* Work order:
Transcribe the lines below verbatim, skipping the images.

Stored data
----------
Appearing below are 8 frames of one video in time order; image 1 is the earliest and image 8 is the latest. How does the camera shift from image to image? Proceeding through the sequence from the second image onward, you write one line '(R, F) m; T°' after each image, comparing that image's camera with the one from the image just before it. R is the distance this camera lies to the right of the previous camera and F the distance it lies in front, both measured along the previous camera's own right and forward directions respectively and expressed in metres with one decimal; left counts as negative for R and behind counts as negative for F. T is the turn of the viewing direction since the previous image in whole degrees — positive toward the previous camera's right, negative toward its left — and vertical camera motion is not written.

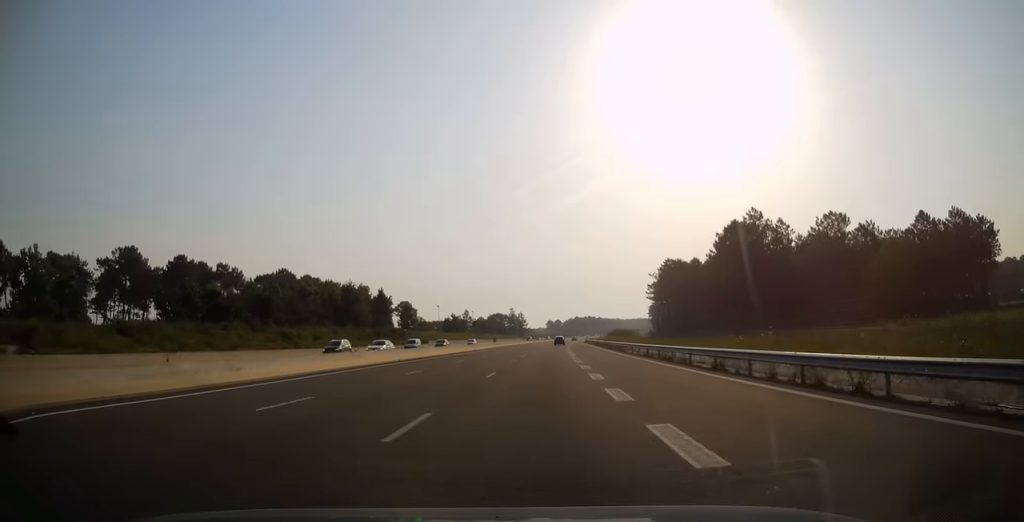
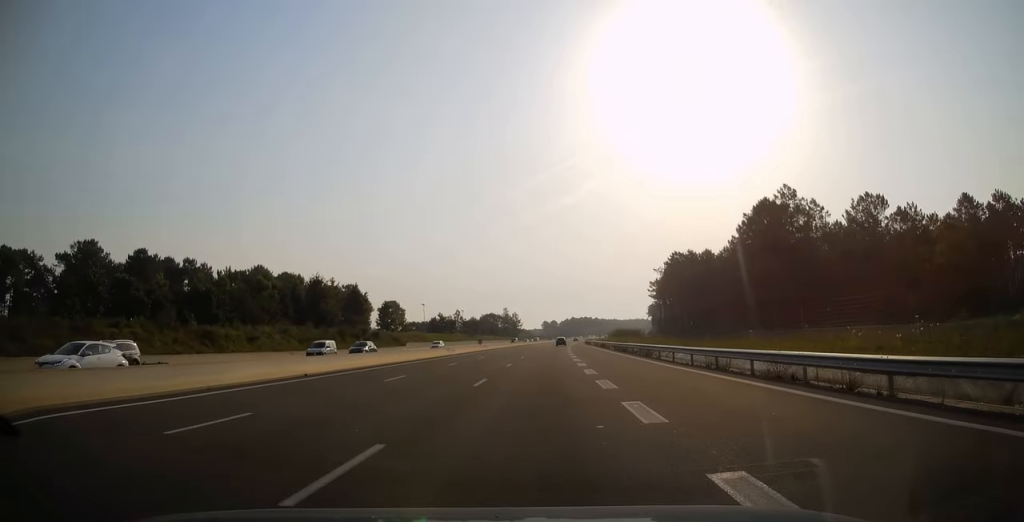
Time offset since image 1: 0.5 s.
(+0.2, +16.3) m; 0°
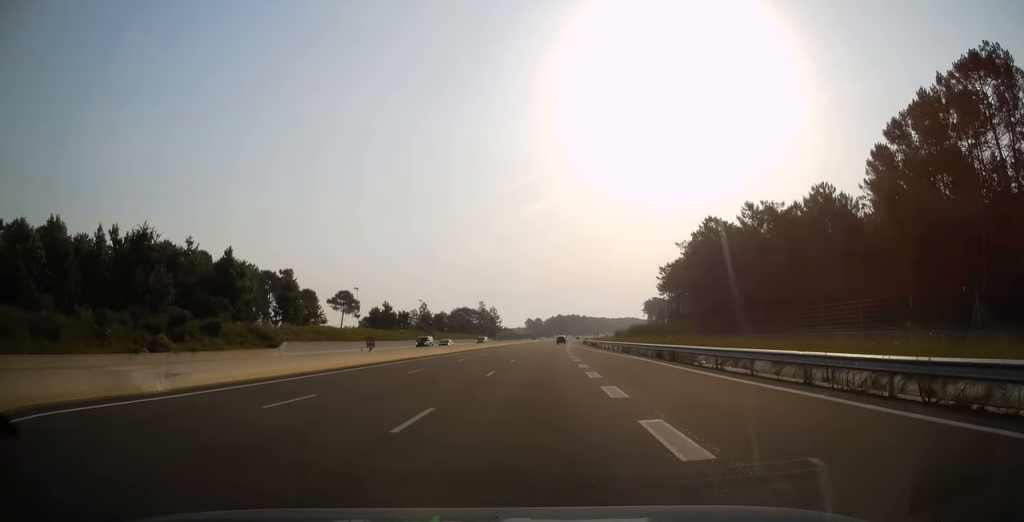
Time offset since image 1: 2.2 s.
(+0.6, +48.3) m; +2°
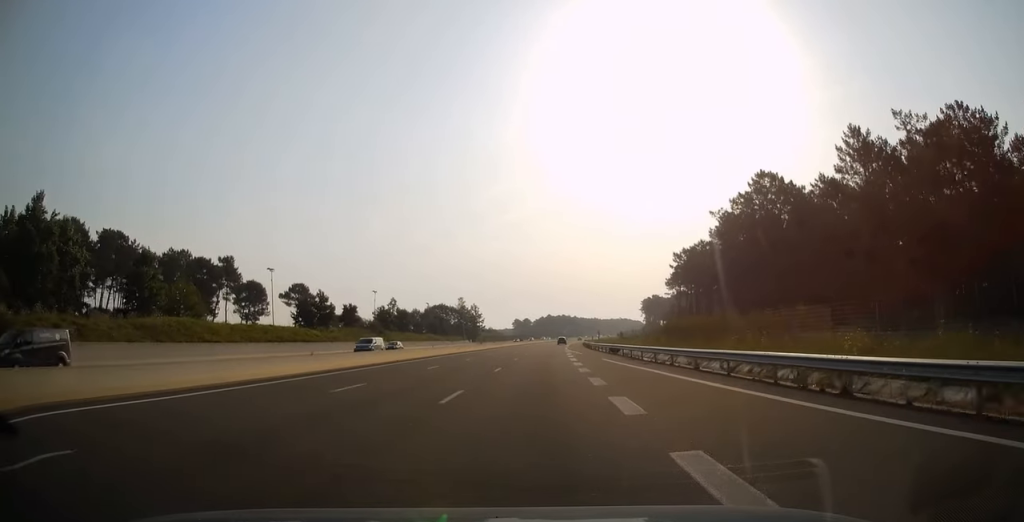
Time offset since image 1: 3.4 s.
(+0.3, +34.9) m; +1°
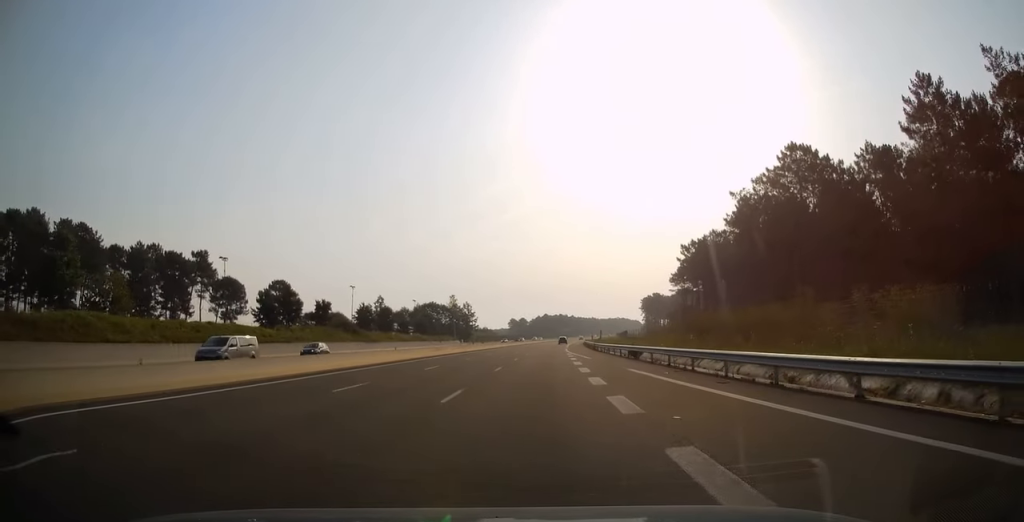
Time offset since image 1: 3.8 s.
(-0.1, +12.8) m; 0°
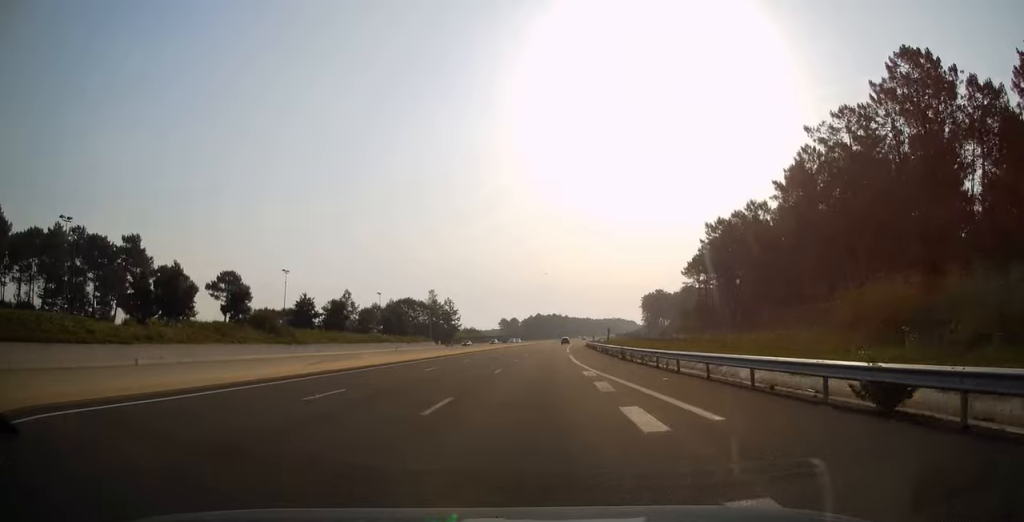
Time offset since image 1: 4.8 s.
(+0.4, +28.0) m; 0°
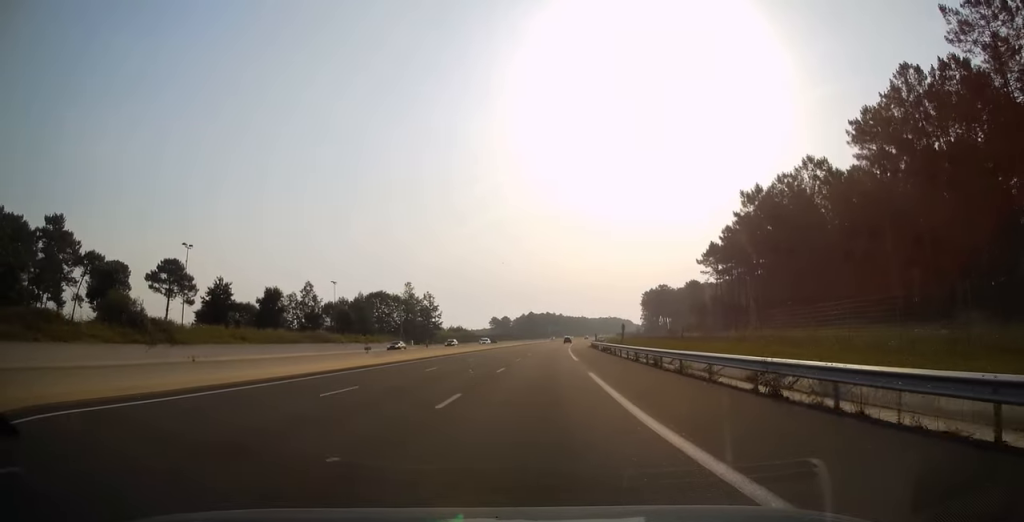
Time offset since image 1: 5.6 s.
(-0.3, +25.1) m; +1°
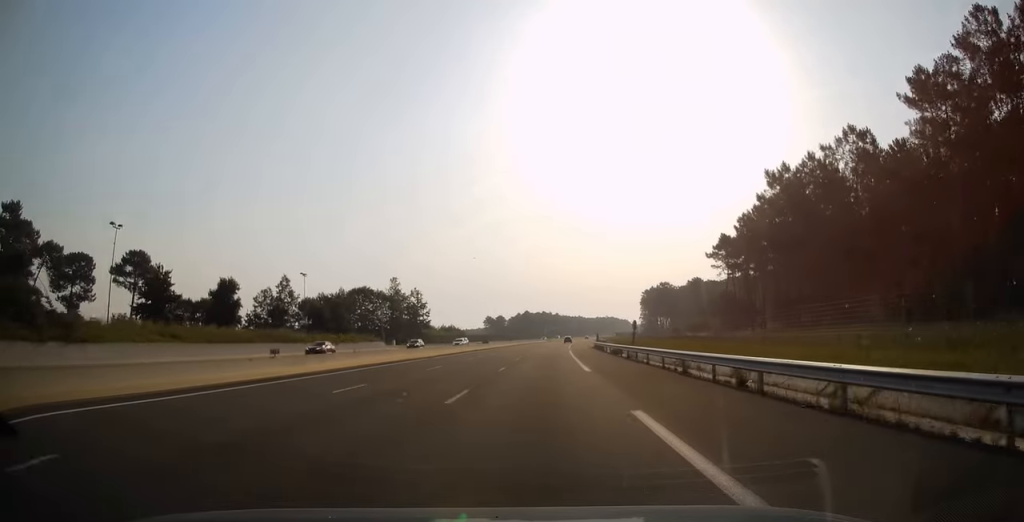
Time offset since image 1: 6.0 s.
(+0.1, +12.3) m; +1°
----------
* Task output:
Appearing below are 8 frames of one video in time order; image 1 is the earliest and image 8 is the latest. How does the camera shift from image to image? Proceeding through the sequence from the second image onward, you write one line '(R, F) m; T°' after each image, comparing that image's camera with the one from the image just before it. R is the distance this camera lies to the right of the previous camera and F the distance it lies in front, both measured along the previous camera's own right and forward directions respectively and expressed in metres with one decimal; left counts as negative for R and behind counts as negative for F. T is the turn of the viewing direction since the previous image in whole degrees — positive toward the previous camera's right, negative toward its left — and vertical camera motion is not written.

Time offset since image 1: 0.5 s.
(+0.2, +16.3) m; 0°
Time offset since image 1: 2.2 s.
(+0.6, +48.3) m; +2°
Time offset since image 1: 3.4 s.
(+0.3, +34.9) m; +1°
Time offset since image 1: 3.8 s.
(-0.1, +12.8) m; 0°
Time offset since image 1: 4.8 s.
(+0.4, +28.0) m; 0°
Time offset since image 1: 5.6 s.
(-0.3, +25.1) m; +1°
Time offset since image 1: 6.0 s.
(+0.1, +12.3) m; +1°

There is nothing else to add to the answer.